### [ABOUT THIS EXERCISE]
What is needed here is an exact repetition of the records below, beginning at the line that has "Character: 塱" and stopping after the line that has "Character: 纝".

#### DATA EXTRACT ####

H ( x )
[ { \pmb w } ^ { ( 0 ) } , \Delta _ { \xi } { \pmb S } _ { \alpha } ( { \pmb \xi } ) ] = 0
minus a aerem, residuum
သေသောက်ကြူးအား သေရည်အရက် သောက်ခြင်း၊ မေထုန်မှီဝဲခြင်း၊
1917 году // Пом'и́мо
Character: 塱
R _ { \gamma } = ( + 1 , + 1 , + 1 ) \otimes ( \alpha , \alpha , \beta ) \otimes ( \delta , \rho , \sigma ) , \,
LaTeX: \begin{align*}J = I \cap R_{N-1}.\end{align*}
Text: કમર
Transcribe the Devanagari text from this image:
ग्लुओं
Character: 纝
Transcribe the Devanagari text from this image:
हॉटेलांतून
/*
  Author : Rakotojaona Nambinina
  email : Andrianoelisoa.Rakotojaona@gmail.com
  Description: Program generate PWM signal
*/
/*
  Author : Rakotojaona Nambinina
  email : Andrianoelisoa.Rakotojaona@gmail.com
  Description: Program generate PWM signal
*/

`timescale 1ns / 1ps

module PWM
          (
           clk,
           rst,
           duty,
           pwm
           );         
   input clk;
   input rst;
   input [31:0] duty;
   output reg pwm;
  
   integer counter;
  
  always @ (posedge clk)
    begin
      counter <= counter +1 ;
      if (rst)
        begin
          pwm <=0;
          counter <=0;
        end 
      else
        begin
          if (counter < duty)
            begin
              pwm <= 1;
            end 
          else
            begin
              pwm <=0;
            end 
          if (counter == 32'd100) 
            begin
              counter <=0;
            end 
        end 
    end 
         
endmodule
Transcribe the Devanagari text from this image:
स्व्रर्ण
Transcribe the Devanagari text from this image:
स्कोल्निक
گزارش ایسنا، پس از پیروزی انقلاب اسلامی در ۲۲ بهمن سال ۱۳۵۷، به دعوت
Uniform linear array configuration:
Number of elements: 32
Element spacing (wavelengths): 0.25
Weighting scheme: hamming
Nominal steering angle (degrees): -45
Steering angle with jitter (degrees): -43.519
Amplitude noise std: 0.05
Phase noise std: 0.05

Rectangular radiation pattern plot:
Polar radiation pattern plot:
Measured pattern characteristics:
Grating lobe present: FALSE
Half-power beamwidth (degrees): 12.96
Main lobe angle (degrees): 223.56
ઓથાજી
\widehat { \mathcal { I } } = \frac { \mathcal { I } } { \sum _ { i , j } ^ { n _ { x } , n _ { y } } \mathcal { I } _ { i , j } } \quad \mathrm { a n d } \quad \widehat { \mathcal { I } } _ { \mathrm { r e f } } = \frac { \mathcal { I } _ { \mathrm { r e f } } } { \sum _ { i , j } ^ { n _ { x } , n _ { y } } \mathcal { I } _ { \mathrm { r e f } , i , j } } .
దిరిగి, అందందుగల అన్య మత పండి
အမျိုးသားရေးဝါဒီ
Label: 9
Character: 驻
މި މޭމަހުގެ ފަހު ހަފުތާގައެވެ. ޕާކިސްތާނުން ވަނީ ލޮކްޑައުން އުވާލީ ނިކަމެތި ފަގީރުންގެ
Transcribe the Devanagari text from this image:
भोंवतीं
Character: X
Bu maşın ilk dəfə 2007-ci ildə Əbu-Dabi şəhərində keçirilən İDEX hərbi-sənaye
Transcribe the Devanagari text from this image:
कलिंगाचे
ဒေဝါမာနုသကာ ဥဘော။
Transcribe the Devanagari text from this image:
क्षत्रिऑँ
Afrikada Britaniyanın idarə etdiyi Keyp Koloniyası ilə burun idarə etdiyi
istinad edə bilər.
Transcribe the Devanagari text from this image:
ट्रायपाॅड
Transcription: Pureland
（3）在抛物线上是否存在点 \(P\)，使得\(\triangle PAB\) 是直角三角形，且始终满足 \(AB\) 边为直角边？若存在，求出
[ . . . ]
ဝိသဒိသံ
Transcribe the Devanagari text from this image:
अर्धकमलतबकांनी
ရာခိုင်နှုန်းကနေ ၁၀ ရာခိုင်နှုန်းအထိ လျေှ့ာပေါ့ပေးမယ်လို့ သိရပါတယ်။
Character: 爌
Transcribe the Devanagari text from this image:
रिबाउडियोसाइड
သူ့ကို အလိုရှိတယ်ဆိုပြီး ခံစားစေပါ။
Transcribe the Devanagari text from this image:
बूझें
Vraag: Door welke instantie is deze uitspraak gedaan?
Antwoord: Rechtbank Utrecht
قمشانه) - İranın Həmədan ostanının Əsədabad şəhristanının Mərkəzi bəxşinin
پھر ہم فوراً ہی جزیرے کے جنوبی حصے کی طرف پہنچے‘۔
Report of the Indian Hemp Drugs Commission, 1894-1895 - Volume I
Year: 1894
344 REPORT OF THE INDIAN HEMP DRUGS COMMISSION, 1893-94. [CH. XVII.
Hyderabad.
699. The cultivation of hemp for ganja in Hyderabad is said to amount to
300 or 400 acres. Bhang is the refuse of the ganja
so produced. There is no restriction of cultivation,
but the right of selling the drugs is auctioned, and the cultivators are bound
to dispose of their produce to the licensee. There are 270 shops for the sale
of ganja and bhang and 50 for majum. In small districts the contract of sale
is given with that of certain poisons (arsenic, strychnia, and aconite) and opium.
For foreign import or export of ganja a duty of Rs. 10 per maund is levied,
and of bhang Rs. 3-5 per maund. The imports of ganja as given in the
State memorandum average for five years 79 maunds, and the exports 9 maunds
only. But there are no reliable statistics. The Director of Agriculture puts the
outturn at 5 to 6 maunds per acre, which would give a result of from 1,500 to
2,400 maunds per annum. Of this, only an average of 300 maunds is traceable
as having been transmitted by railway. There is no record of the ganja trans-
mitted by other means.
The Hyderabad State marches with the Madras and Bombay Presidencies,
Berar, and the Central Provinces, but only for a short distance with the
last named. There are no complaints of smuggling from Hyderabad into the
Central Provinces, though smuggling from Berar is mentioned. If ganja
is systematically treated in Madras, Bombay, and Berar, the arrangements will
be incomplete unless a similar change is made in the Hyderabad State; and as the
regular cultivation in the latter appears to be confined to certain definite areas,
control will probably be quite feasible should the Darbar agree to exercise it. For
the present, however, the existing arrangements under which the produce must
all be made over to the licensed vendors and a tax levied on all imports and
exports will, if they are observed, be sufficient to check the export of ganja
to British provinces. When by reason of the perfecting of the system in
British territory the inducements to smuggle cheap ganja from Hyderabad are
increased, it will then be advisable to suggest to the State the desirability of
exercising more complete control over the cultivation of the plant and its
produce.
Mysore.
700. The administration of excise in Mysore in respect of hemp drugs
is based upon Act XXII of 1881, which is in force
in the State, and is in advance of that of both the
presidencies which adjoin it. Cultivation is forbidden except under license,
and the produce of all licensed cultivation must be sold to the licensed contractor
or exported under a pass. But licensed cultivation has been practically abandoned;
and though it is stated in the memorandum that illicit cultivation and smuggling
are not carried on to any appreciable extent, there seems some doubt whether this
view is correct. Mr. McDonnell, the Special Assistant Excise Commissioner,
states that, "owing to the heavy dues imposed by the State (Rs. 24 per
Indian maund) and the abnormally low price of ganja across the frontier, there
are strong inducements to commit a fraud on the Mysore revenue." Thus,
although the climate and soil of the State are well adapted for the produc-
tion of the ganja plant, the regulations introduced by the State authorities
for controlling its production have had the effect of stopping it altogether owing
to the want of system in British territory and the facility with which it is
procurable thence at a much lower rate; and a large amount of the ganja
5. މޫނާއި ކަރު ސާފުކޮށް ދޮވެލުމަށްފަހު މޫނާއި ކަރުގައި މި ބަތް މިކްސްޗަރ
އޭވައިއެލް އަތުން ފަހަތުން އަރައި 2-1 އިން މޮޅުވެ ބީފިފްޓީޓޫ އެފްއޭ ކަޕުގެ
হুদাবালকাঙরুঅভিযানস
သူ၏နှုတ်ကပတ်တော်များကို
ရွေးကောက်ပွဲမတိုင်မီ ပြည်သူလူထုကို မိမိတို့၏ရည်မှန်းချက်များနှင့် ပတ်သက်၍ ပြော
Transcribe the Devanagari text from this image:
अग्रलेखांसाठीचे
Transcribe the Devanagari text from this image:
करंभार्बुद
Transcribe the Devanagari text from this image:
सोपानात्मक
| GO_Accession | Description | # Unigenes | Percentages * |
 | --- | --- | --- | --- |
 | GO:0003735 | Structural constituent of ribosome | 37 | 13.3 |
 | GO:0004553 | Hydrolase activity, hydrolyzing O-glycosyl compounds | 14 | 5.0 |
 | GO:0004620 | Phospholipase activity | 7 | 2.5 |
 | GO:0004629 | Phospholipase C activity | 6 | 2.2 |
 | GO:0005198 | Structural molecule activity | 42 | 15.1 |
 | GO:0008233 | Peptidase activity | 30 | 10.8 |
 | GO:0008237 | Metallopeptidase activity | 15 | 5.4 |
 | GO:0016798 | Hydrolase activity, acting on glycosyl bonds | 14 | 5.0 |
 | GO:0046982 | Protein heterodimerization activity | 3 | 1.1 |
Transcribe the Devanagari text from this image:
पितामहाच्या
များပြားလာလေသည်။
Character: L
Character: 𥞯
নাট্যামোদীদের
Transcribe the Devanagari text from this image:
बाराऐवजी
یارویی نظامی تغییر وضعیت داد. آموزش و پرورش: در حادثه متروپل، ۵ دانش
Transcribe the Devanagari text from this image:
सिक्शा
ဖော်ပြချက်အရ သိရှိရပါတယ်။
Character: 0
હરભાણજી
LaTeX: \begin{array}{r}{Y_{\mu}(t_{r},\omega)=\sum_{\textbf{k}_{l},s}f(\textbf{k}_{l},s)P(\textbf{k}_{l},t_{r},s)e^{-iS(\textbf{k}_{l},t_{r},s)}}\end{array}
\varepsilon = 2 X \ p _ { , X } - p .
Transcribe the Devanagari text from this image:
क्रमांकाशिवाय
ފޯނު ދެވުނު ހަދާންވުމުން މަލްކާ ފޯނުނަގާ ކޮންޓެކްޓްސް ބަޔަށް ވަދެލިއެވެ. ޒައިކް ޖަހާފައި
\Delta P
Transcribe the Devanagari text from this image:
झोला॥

####

### [SOLVED EXERCISE]
Character: 塱
R _ { \gamma } = ( + 1 , + 1 , + 1 ) \otimes ( \alpha , \alpha , \beta ) \otimes ( \delta , \rho , \sigma ) , \,
LaTeX: \begin{align*}J = I \cap R_{N-1}.\end{align*}
Text: કમર
Transcribe the Devanagari text from this image:
ग्लुओं
Character: 纝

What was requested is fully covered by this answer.